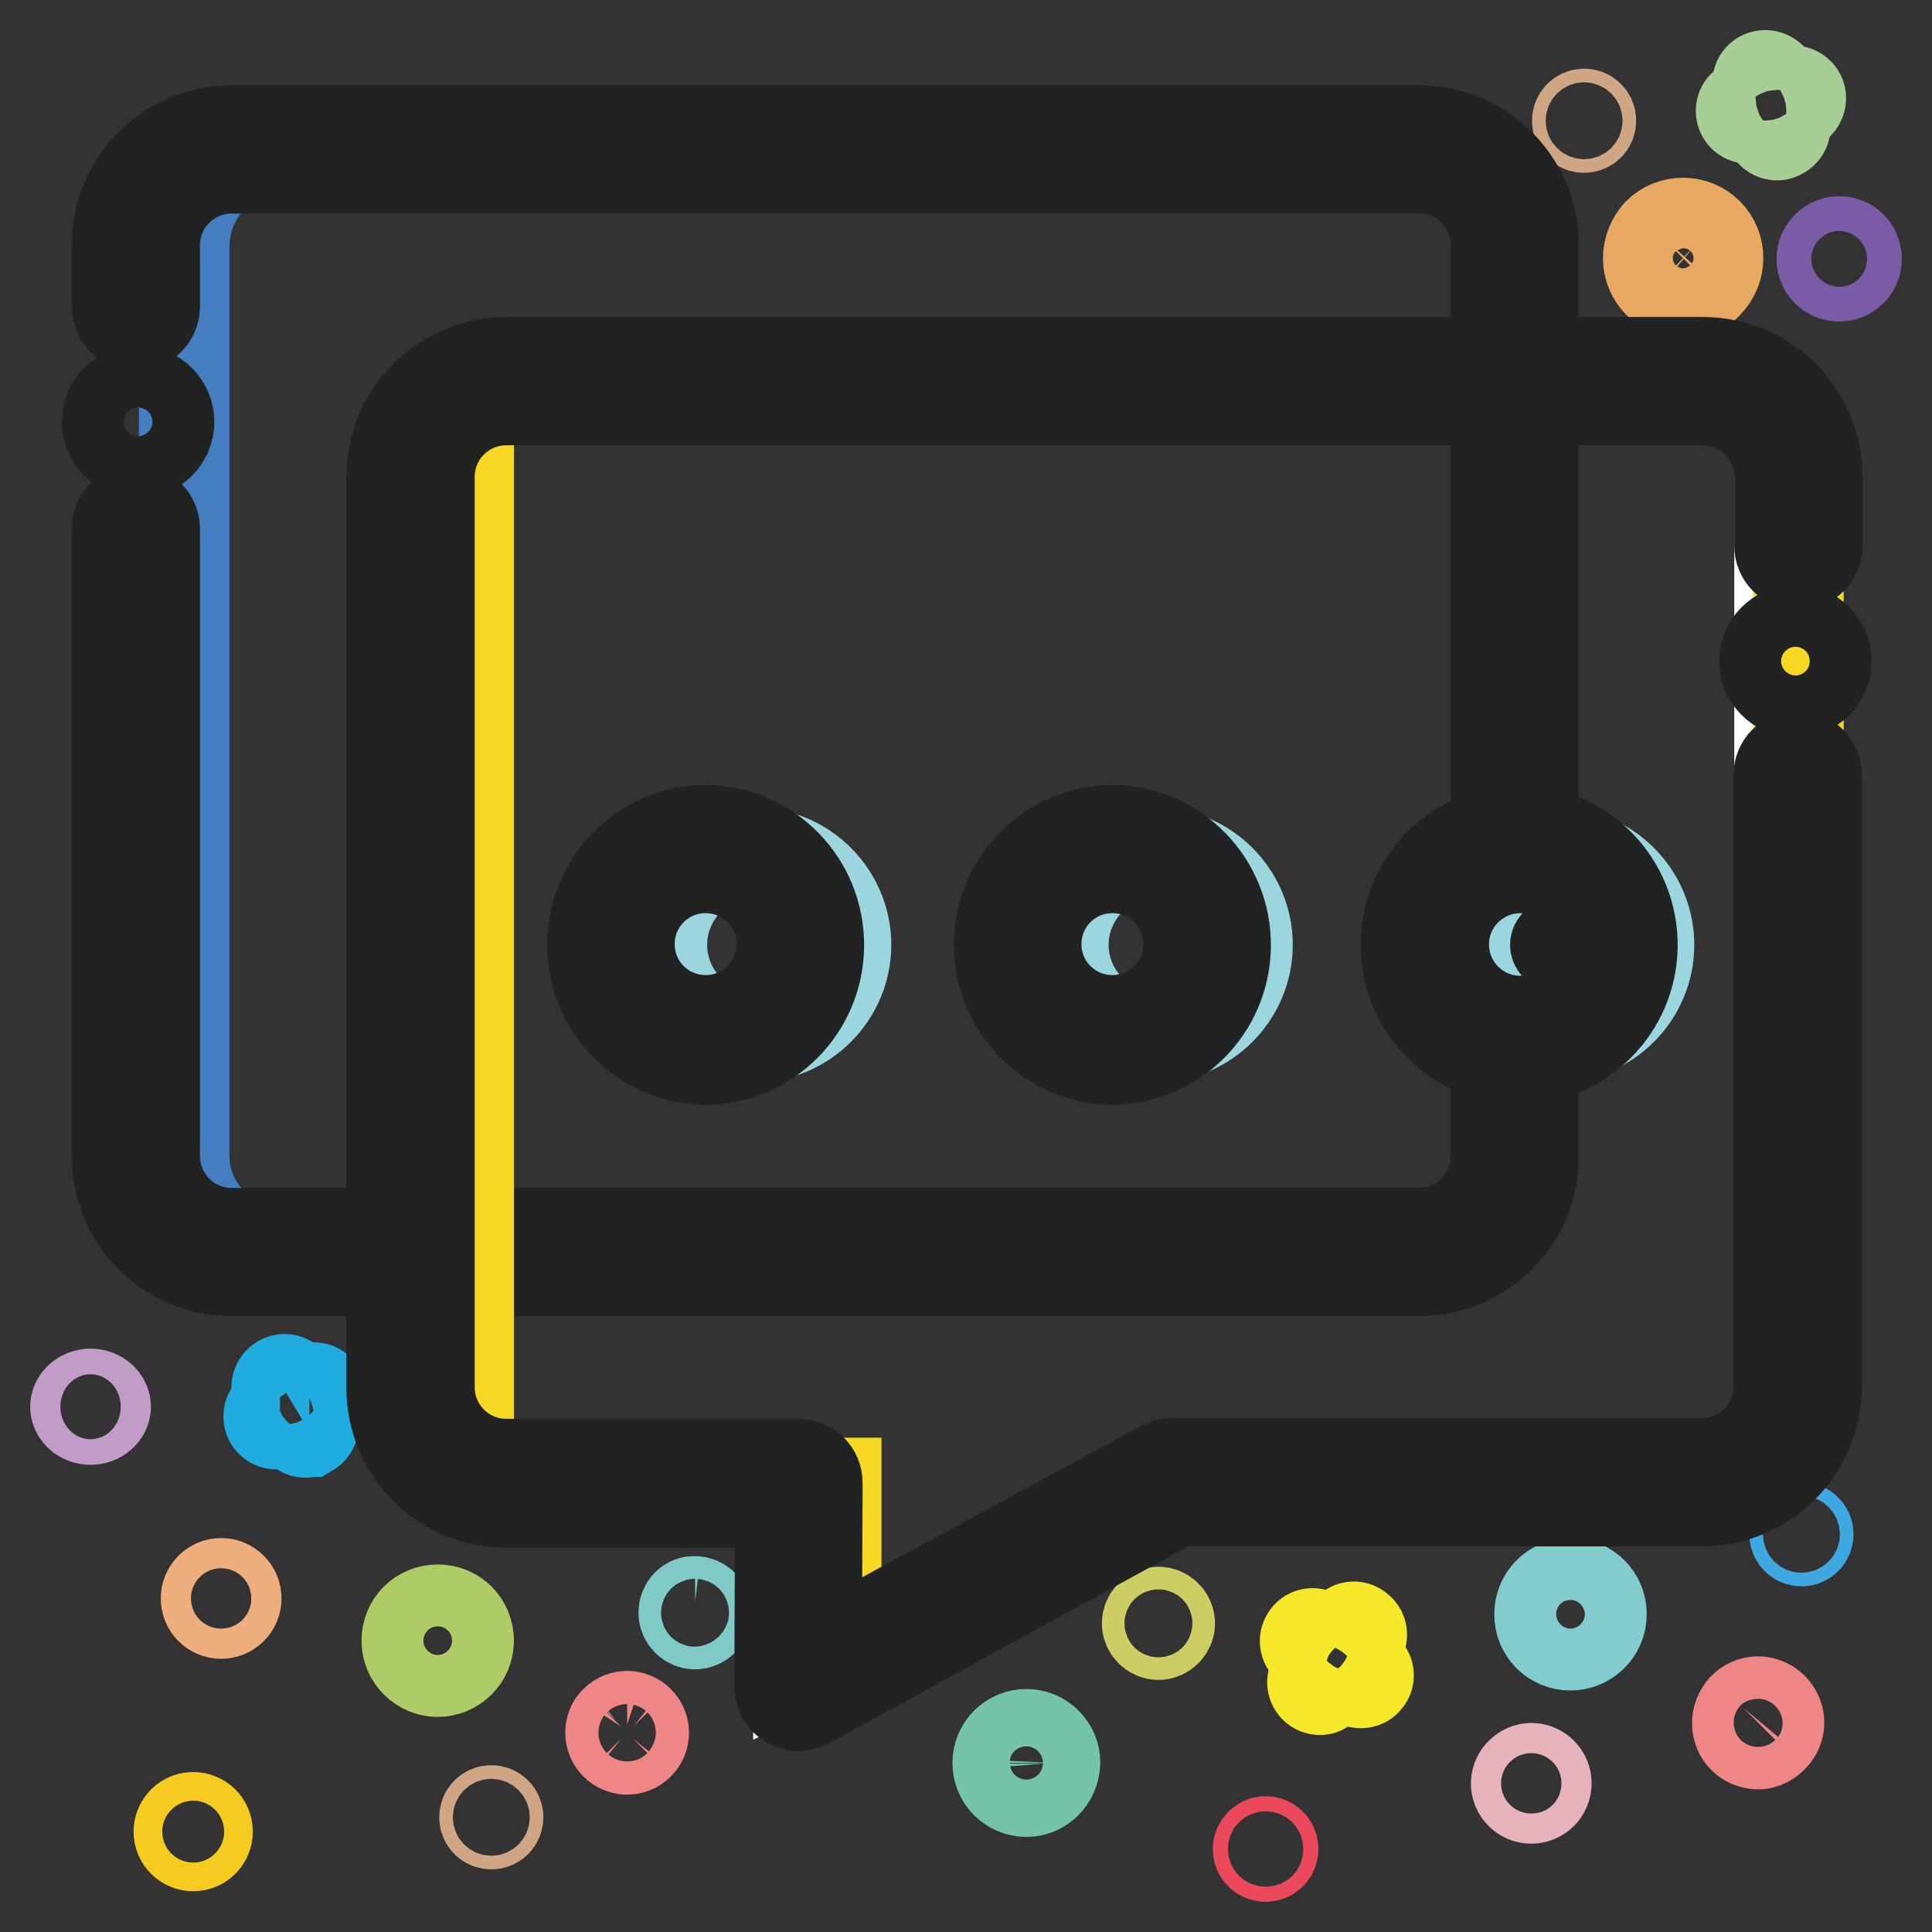 <?xml version="1.0" encoding="utf-8"?>
<!-- Svg Vector Icons : http://www.onlinewebfonts.com/icon -->
<!DOCTYPE svg PUBLIC "-//W3C//DTD SVG 1.1//EN" "http://www.w3.org/Graphics/SVG/1.1/DTD/svg11.dtd">
<svg version="1.1" xmlns="http://www.w3.org/2000/svg" xmlns:xlink="http://www.w3.org/1999/xlink" x="0px" y="0px" viewBox="0 0 256 256" enable-background="new 0 0 256 256" xml:space="preserve">
<rect x="0" y="0" width="256" height="256" fill="#333333" stroke="none"/>
<g> <path stroke-width="12" fill-opacity="0" stroke="#20acde"  d="M40.5,189.8c-0.4,0-0.7-0.2-0.9-0.5l-2.8-5c-0.3-0.5-0.1-1.1,0.4-1.4c0.5-0.3,1.1-0.1,1.4,0.4l2.8,5 c0.3,0.5,0.1,1.1-0.4,1.4C40.9,189.7,40.7,189.8,40.5,189.8z"/> <path stroke-width="12" fill-opacity="0" stroke="#20acde"  d="M36.6,188.7c-0.6,0-1-0.5-1-1c0-0.4,0.2-0.7,0.5-0.9l5-2.8c0.5-0.3,1.1-0.1,1.4,0.4 c0.3,0.5,0.1,1.1-0.4,1.4l-5,2.8C37,188.6,36.8,188.6,36.6,188.7z"/> <path stroke-width="12" fill-opacity="0" stroke="#a7ce95"  d="M235.5,17.9c-0.5,0-0.9-0.3-1-0.8l-1.6-5.9c-0.1-0.5,0.2-1.1,0.8-1.2c0.5-0.1,1.1,0.2,1.2,0.7l1.6,5.9 c0.2,0.5-0.2,1.1-0.7,1.2C235.7,17.9,235.6,17.9,235.5,17.9z"/> <path stroke-width="12" fill-opacity="0" stroke="#a7ce95"  d="M231.7,15.7c-0.6,0-1-0.5-1-1c0-0.5,0.3-0.8,0.8-1l5.9-1.6c0.5-0.2,1.1,0.2,1.2,0.7s-0.2,1.1-0.7,1.2 l-5.9,1.6C231.9,15.7,231.8,15.7,231.7,15.7L231.7,15.7z"/> <path stroke-width="12" fill-opacity="0" stroke="#f5e829"  d="M180.3,223c-0.2,0-0.4-0.1-0.6-0.2l-6.3-4.5c-0.5-0.3-0.6-1-0.3-1.4c0.3-0.5,0.9-0.6,1.4-0.3l0.1,0.1 l6.3,4.5c0.5,0.3,0.6,1,0.2,1.4C180.9,222.9,180.6,223,180.3,223L180.3,223z"/> <path stroke-width="12" fill-opacity="0" stroke="#f5e829"  d="M174.9,223.9c-0.6,0-1-0.5-1-1c0-0.2,0.1-0.4,0.2-0.6l4.5-6.3c0.3-0.5,1-0.6,1.4-0.2c0.5,0.3,0.6,1,0.2,1.4 l-4.5,6.2C175.5,223.7,175.2,223.9,174.9,223.9L174.9,223.9z"/> <path stroke-width="12" fill-opacity="0" stroke="#83cccd"  d="M208.1,218c-2.3,0-4.1-1.8-4.1-4.1s1.8-4.1,4.1-4.1c2.3,0,4.1,1.8,4.1,4.1S210.3,218,208.1,218z  M208.1,211.2c-1.5,0-2.7,1.2-2.7,2.7c0,1.5,1.2,2.7,2.7,2.7s2.7-1.2,2.7-2.7C210.8,212.4,209.6,211.2,208.1,211.2z"/> <path stroke-width="12" fill-opacity="0" stroke="#efaf7d"  d="M27.3,211.8c0,1.1,0.9,2,2,2s2-0.9,2-2c0,0,0,0,0,0c0-1.1-0.9-2-2-2S27.3,210.7,27.3,211.8z"/> <path stroke-width="12" fill-opacity="0" stroke="#cccd63"  d="M152,215.1c0,0.8,0.7,1.5,1.5,1.5s1.5-0.7,1.5-1.5s-0.7-1.5-1.5-1.5S152,214.3,152,215.1z"/> <path stroke-width="12" fill-opacity="0" stroke="#e9495b"  d="M166.7,245c0,0.6,0.5,1,1,1c0.6,0,1-0.5,1-1c0-0.6-0.5-1-1-1C167.2,244,166.7,244.5,166.7,245z"/> <path stroke-width="12" fill-opacity="0" stroke="#7fcac6"  d="M90.6,213.7c0,0.8,0.7,1.5,1.5,1.5c0.8,0,1.5-0.7,1.5-1.5s-0.7-1.5-1.5-1.5 C91.3,212.1,90.6,212.8,90.6,213.7z"/> <path stroke-width="12" fill-opacity="0" stroke="#ef8686"  d="M83.1,231.8c-1.2,0-2.2-1-2.2-2.2c0-0.6,0.2-1.2,0.7-1.6l0,0c0.4-0.4,1-0.6,1.5-0.6c1.2,0,2.2,1,2.2,2.2 C85.3,230.8,84.3,231.8,83.1,231.8z M82.3,228.8c-0.5,0.5-0.5,1.2,0,1.6c0.5,0.5,1.2,0.5,1.6,0c0.5-0.5,0.5-1.2,0-1.6 c-0.2-0.2-0.5-0.3-0.8-0.3C82.8,228.4,82.5,228.5,82.3,228.8z"/> <path stroke-width="12" fill-opacity="0" stroke="#aecc66"  d="M58,221.5c-2.2,0-4.1-1.8-4.1-4.1s1.8-4.1,4.1-4.1s4.1,1.8,4.1,4.1S60.2,221.5,58,221.5z M58,214.8 c-1.5,0-2.6,1.2-2.6,2.6s1.2,2.6,2.6,2.6s2.6-1.2,2.6-2.6C60.6,216,59.5,214.8,58,214.8z"/> <path stroke-width="12" fill-opacity="0" stroke="#c09cc7"  d="M10,186.4c0,0.9,0.9,1.7,2,1.7s2-0.8,2-1.7c0-0.9-0.9-1.7-2-1.7S10,185.5,10,186.4z"/> <path stroke-width="12" fill-opacity="0" stroke="#cfa683"  d="M209,16c0,0.5,0.4,0.9,0.9,0.9c0.5,0,0.9-0.4,0.9-0.9c0-0.5-0.4-0.9-0.9-0.9C209.4,15.1,209,15.5,209,16z" /> <path stroke-width="12" fill-opacity="0" stroke="#cfa683"  d="M64.2,240.8c0,0.5,0.4,0.9,0.9,0.9c0.5,0,0.9-0.4,0.9-0.9s-0.4-0.9-0.9-0.9 C64.6,239.9,64.2,240.3,64.2,240.8z"/> <path stroke-width="12" fill-opacity="0" stroke="#40a8e0"  d="M237.8,203.3c0,0.5,0.4,0.9,0.9,0.9s0.9-0.4,0.9-0.9s-0.4-0.9-0.9-0.9S237.8,202.8,237.8,203.3z"/> <path stroke-width="12" fill-opacity="0" stroke="#f5cb1f"  d="M23.7,242.7c0,1.1,0.9,1.9,1.9,1.9c1.1,0,1.9-0.9,1.9-1.9l0,0c0-1.1-0.9-1.9-1.9-1.9 C24.6,240.8,23.7,241.6,23.7,242.7z"/> <path stroke-width="12" fill-opacity="0" stroke="#e7a962"  d="M223.1,38.9c-2.6,0-4.7-2.1-4.7-4.7c0-1.2,0.5-2.4,1.3-3.3l0,0c1.8-1.8,4.8-1.8,6.6,0 c1.8,1.8,1.8,4.8,0,6.6C225.5,38.5,224.3,38.9,223.1,38.9L223.1,38.9z M220.8,31.9c-1.2,1.3-1.1,3.3,0.2,4.5 c1.3,1.2,3.3,1.1,4.5-0.2c1.2-1.3,1.1-3.3-0.2-4.5C224,30.6,222,30.6,220.8,31.9L220.8,31.9z"/> <path stroke-width="12" fill-opacity="0" stroke="#e6b2bb"  d="M200.9,236.3c0,1.1,0.9,2,2,2c1.1,0,2-0.9,2-2s-0.9-2-2-2C201.9,234.3,200.9,235.2,200.9,236.3z"/> <path stroke-width="12" fill-opacity="0" stroke="#ef8686"  d="M233,231.1c-1.6,0-2.8-1.2-2.8-2.8c0-0.7,0.3-1.4,0.8-2c1.1-1.1,2.8-1.1,3.9,0c1.1,1.1,1.1,2.8,0,3.9 C234.4,230.7,233.7,231.1,233,231.1z M231.8,227.1c-0.6,0.6-0.6,1.7,0,2.3c0.3,0.3,0.7,0.5,1.1,0.5c0.9,0,1.6-0.7,1.6-1.6 s-0.7-1.6-1.6-1.6C232.5,226.7,232.1,226.8,231.8,227.1z"/> <path stroke-width="12" fill-opacity="0" stroke="#795ca5"  d="M241.4,34.3c0,1.3,1,2.3,2.3,2.3c1.3,0,2.3-1,2.3-2.3c0-1.3-1-2.3-2.3-2.3C242.5,32,241.4,33,241.4,34.3z" /> <path stroke-width="12" fill-opacity="0" stroke="#73c4ab"  d="M136,237.4c-2.1,0-3.8-1.7-3.8-3.8c0-2.1,1.7-3.8,3.8-3.8c2.1,0,3.8,1.7,3.8,3.8 C139.7,235.7,138.1,237.4,136,237.4z M136,231.4c-1.2,0-2.3,1-2.3,2.3c0,1.2,1,2.3,2.3,2.3s2.3-1,2.3-2.3 C138.2,232.4,137.2,231.4,136,231.4z"/> <path stroke-width="12" fill-opacity="0" stroke="#447dc0"  d="M37,19.8h151.7c6.9,0,12.5,5.7,12.5,12.7v120.6c0,7-5.6,12.7-12.5,12.7H37c-6.9,0-12.6-5.7-12.6-12.7V32.5 C24.5,25.5,30.1,19.8,37,19.8z"/> <path stroke-width="12" fill-opacity="0" stroke="#212222"  d="M188,168.4H30.7c-8.4,0-15.2-6.8-15.2-15.2V70.1c0-1.4,1.1-2.5,2.5-2.5s2.5,1.1,2.5,2.5v83.1 c0,5.6,4.5,10.2,10.2,10.2H188c5.6,0,10.2-4.5,10.2-10.2V32.5c0-5.6-4.5-10.2-10.2-10.2H30.7c-5.6,0-10.2,4.5-10.2,10.2v8.1 c0,1.4-1.1,2.5-2.5,2.5s-2.5-1.1-2.5-2.5v-8.1c0-8.4,6.8-15.2,15.2-15.2H188c8.4,0,15.2,6.8,15.2,15.2v120.6 C203.3,161.5,196.4,168.4,188,168.4z"/> <path stroke-width="12" fill-opacity="0" stroke="#212222"  d="M14.2,55.9c0,2.2,1.8,4.1,4.1,4.1c2.2,0,4.1-1.8,4.1-4.1c0-2.2-1.8-4.1-4.1-4.1 C16,51.8,14.2,53.6,14.2,55.9z"/> <path stroke-width="12" fill-opacity="0" stroke="#ffffff"  d="M64.6,50.5h163.6c4.2,0,7.6,3.4,7.6,7.6v130.8c0,4.2-3.4,7.6-7.6,7.6h-72.6l-49.8,24.4v-24.4H64.6 c-4.2,0-7.6-3.4-7.6-7.6V58.1C57,53.9,60.4,50.5,64.6,50.5z"/> <path stroke-width="12" fill-opacity="0" stroke="#f5d724"  d="M69.7,50.5h161c4.2,0,7.6,3.4,7.6,7.6v130.8c0,4.2-3.4,7.6-7.6,7.6h-70.1l-49.8,24.4v-24.4H69.7 c-4.2,0-7.6-3.4-7.6-7.6V58.1C62.1,53.9,65.5,50.5,69.7,50.5z"/> <path stroke-width="12" fill-opacity="0" stroke="#212222"  d="M105.8,226c-1.4,0-2.5-1.1-2.5-2.5l0.1-24.4H67.1c-8.4,0-15.2-6.8-15.2-15.2V63.2c0-8.4,6.8-15.2,15.2-15.2 h158.5c8.4,0,15.2,6.8,15.2,15.2v9.1c0,1.4-1.1,2.5-2.5,2.5s-2.5-1.1-2.5-2.5v-9.1c0-5.6-4.5-10.2-10.2-10.2H67.1 c-5.6,0-10.2,4.5-10.2,10.2v120.6c0,5.6,4.5,10.2,10.2,10.2h38.7c1.4,0,2.5,1.1,2.5,2.5l-0.1,22.6l45.9-24.9 c0.4-0.2,0.8-0.3,1.2-0.3h70.2c5.6,0,10.2-4.5,10.2-10.2v-81c0-1.4,1.1-2.5,2.5-2.5s2.5,1.1,2.5,2.5v81c0,8.4-6.8,15.2-15.2,15.2 h-69.6L107,225.7C106.6,225.9,106.2,226,105.8,226z"/> <path stroke-width="12" fill-opacity="0" stroke="#212222"  d="M233.8,87.6c0,2.2,1.8,4.1,4.1,4.1s4.1-1.8,4.1-4.1s-1.8-4.1-4.1-4.1S233.8,85.4,233.8,87.6z"/> <path stroke-width="12" fill-opacity="0" stroke="#ffffff"  d="M95.6,113c6.7,0,12.2,5.5,12.2,12.2s-5.5,12.2-12.2,12.2s-12.2-5.5-12.2-12.2S88.9,113,95.6,113z  M147.4,113c6.7,0,12.2,5.5,12.2,12.2s-5.5,12.2-12.2,12.2s-12.2-5.5-12.2-12.2S140.7,113,147.4,113z M199.2,113 c6.7,0,12.2,5.5,12.2,12.2s-5.5,12.2-12.2,12.2s-12.2-5.5-12.2-12.2S192.5,113,199.2,113z"/> <path stroke-width="12" fill-opacity="0" stroke="#9bd5de"  d="M99.9,113c6.7,0,12.2,5.5,12.2,12.2s-5.5,12.2-12.2,12.2s-12.2-5.5-12.2-12.2S93.2,113,99.9,113z  M153.1,113c6.7,0,12.2,5.5,12.2,12.2s-5.5,12.2-12.2,12.2s-12.2-5.5-12.2-12.2S146.4,113,153.1,113z M206.3,113 c6.7,0,12.2,5.5,12.2,12.2s-5.5,12.2-12.2,12.2s-12.2-5.5-12.2-12.2S199.6,113,206.3,113z"/> <path stroke-width="12" fill-opacity="0" stroke="#212222"  d="M201.3,140.4c-8.4-0.1-15.1-7-15-15.4c0.1-8.3,6.8-14.9,15-15c8.4,0.1,15.1,7,15,15.4 C216.2,133.6,209.5,140.3,201.3,140.4z M201.3,115c-5.6,0.1-10.1,4.7-10,10.3c0.1,5.5,4.5,9.9,10,10c5.6-0.1,10.1-4.7,10-10.3 c-0.1-5.4-4.3-9.7-9.7-10L201.3,115z M147.4,140.4c-8.4-0.1-15.1-7-15-15.4c0.1-8.3,6.8-14.9,15-15c8.4,0.1,15.1,7,15,15.4 C162.3,133.6,155.7,140.3,147.4,140.4z M147.4,115c-5.6,0-10.1,4.5-10.1,10.1c0,5.6,4.5,10.1,10.1,10.1s10.1-4.5,10.1-10.1 c0-2.7-1.1-5.3-3-7.2S150.1,115,147.4,115z M93.5,140.4c-8.4-0.1-15.1-7-15-15.4c0.1-8.3,6.8-14.9,15-15c8.4,0.1,15.1,7,15,15.4 C108.4,133.6,101.8,140.3,93.5,140.4z M93.5,115c-5.6,0-10.1,4.5-10.1,10.1c0,5.6,4.5,10.1,10.1,10.1c5.6,0,10.1-4.5,10.1-10.1 C103.7,119.6,99.1,115,93.5,115z"/></g>
</svg>

▸ **Work item**:
For every line of the records that has the word "http" in it, make a copy.

▸ **Answer below**:
<!-- Svg Vector Icons : http://www.onlinewebfonts.com/icon -->
<!DOCTYPE svg PUBLIC "-//W3C//DTD SVG 1.1//EN" "http://www.w3.org/Graphics/SVG/1.1/DTD/svg11.dtd">
<svg version="1.1" xmlns="http://www.w3.org/2000/svg" xmlns:xlink="http://www.w3.org/1999/xlink" x="0px" y="0px" viewBox="0 0 256 256" enable-background="new 0 0 256 256" xml:space="preserve">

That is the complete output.